Start of Input records

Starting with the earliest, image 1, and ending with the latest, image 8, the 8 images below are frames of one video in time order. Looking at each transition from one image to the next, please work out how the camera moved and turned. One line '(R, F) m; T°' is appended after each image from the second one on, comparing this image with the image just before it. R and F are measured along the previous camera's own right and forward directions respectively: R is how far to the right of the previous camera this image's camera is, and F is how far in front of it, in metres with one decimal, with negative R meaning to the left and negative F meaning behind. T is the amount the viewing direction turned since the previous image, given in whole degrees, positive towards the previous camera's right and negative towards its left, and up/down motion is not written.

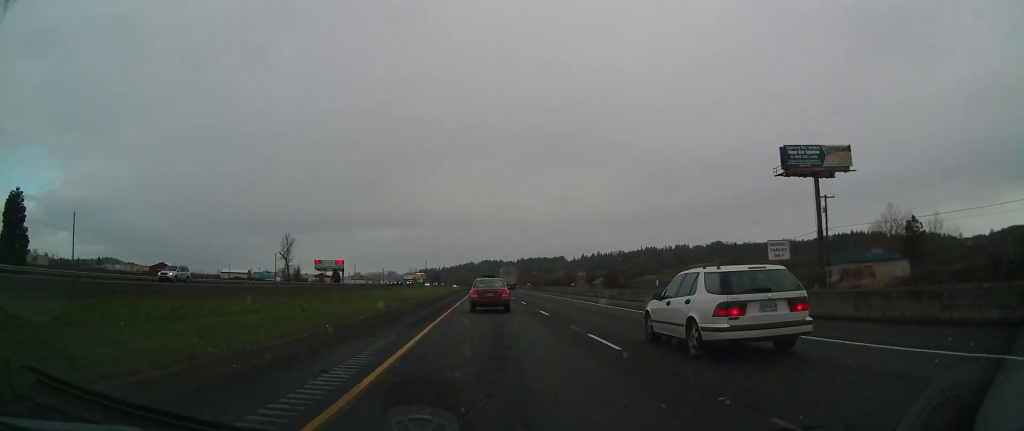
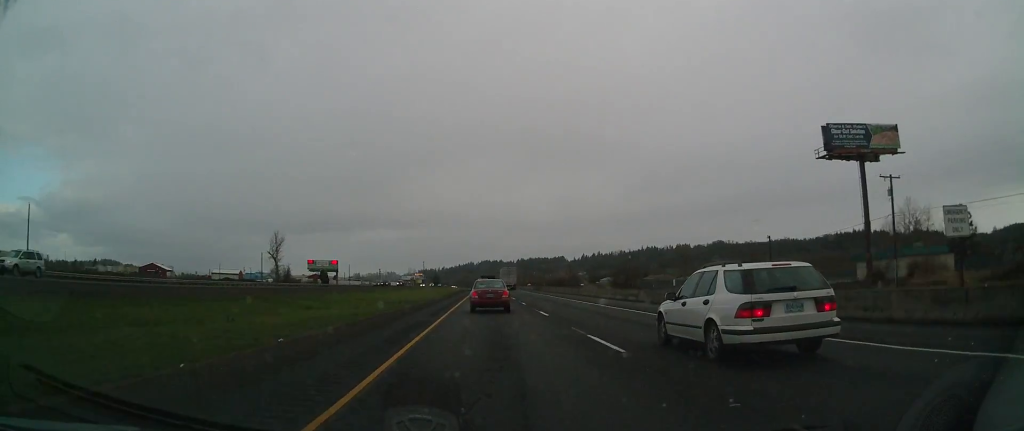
(+0.1, +12.4) m; 0°
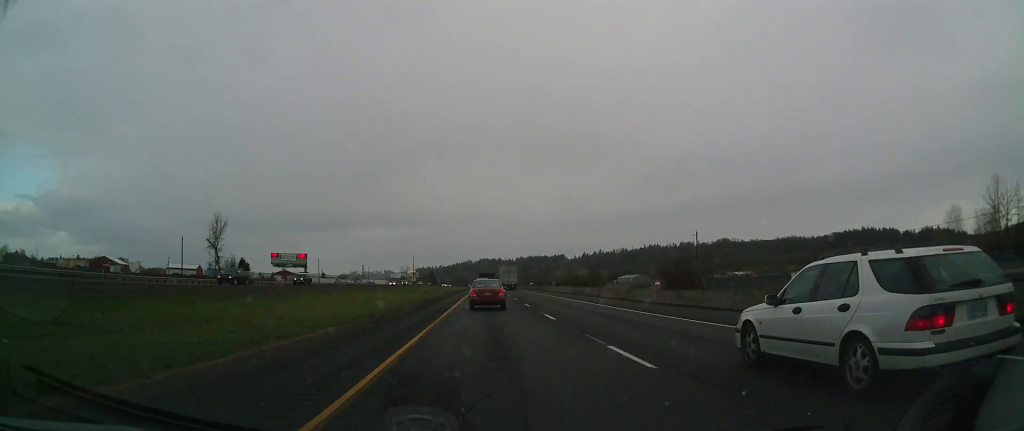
(-0.3, +51.2) m; 0°
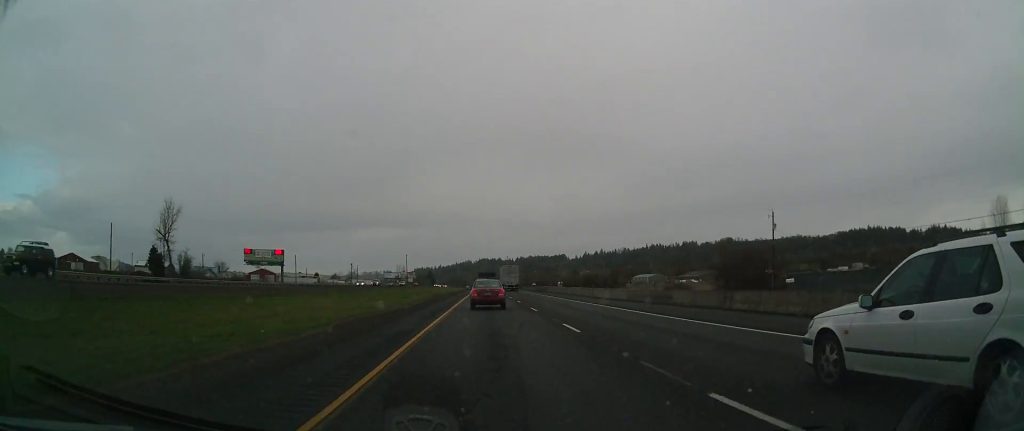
(+0.1, +29.3) m; 0°
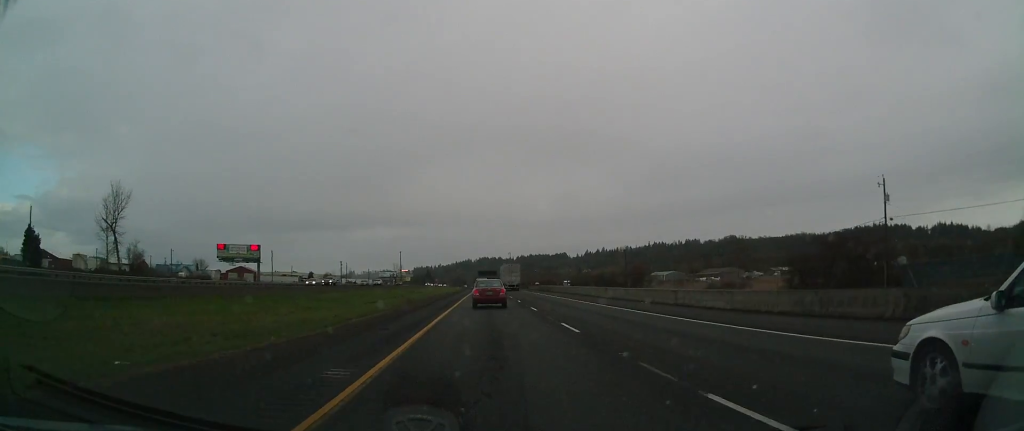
(-0.2, +24.1) m; 0°
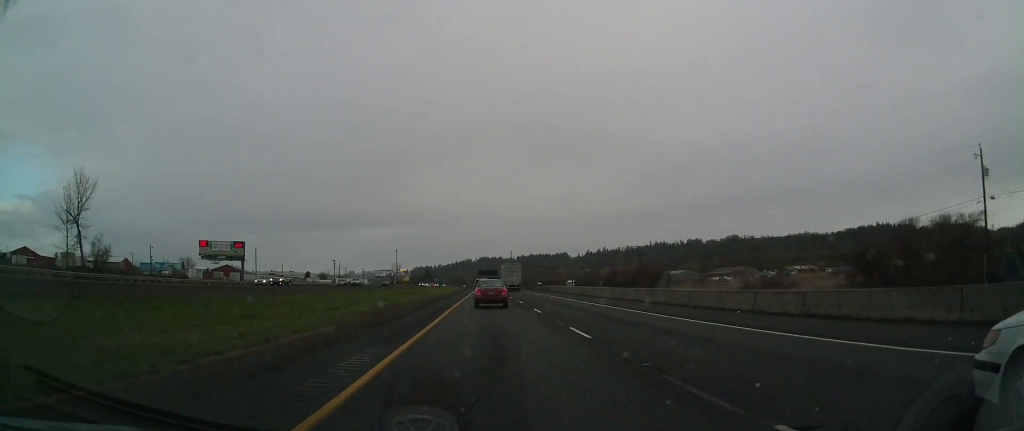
(+0.2, +13.7) m; 0°
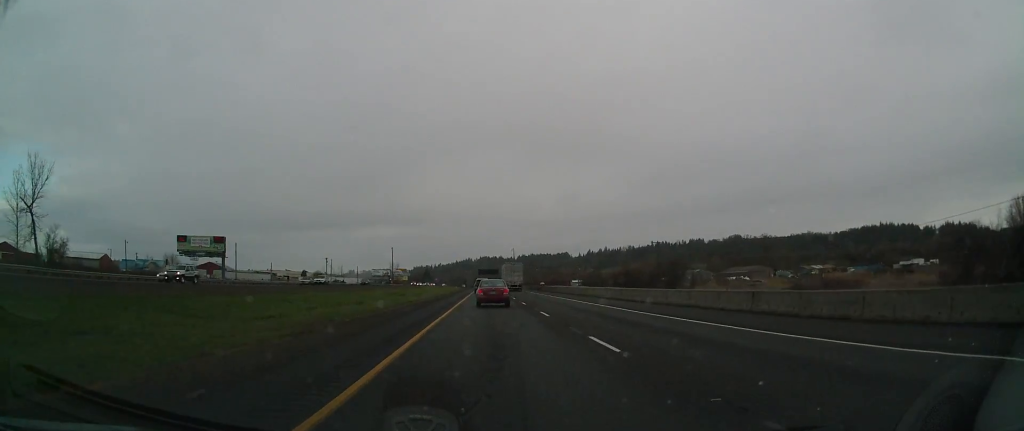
(+0.2, +14.7) m; 0°
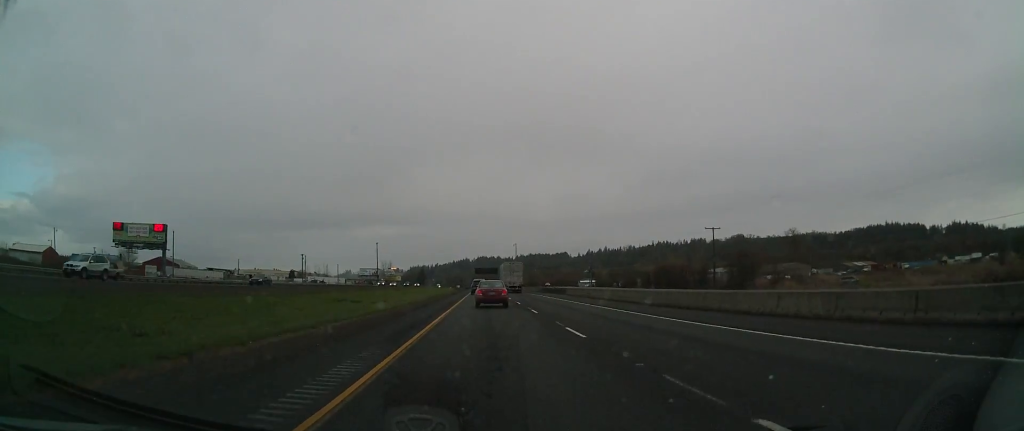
(-0.2, +32.8) m; -1°

End of Input records

Task goal >> All the records need to be retyped word for word, except for the pictures.

Exercise answer >>
Starting with the earliest, image 1, and ending with the latest, image 8, the 8 images below are frames of one video in time order. Looking at each transition from one image to the next, please work out how the camera moved and turned. One line '(R, F) m; T°' is appended after each image from the second one on, comparing this image with the image just before it. R and F are measured along the previous camera's own right and forward directions respectively: R is how far to the right of the previous camera this image's camera is, and F is how far in front of it, in metres with one decimal, with negative R meaning to the left and negative F meaning behind. T is the amount the viewing direction turned since the previous image, given in whole degrees, positive towards the previous camera's right and negative towards its left, and up/down motion is not written.

(+0.1, +12.4) m; 0°
(-0.3, +51.2) m; 0°
(+0.1, +29.3) m; 0°
(-0.2, +24.1) m; 0°
(+0.2, +13.7) m; 0°
(+0.2, +14.7) m; 0°
(-0.2, +32.8) m; -1°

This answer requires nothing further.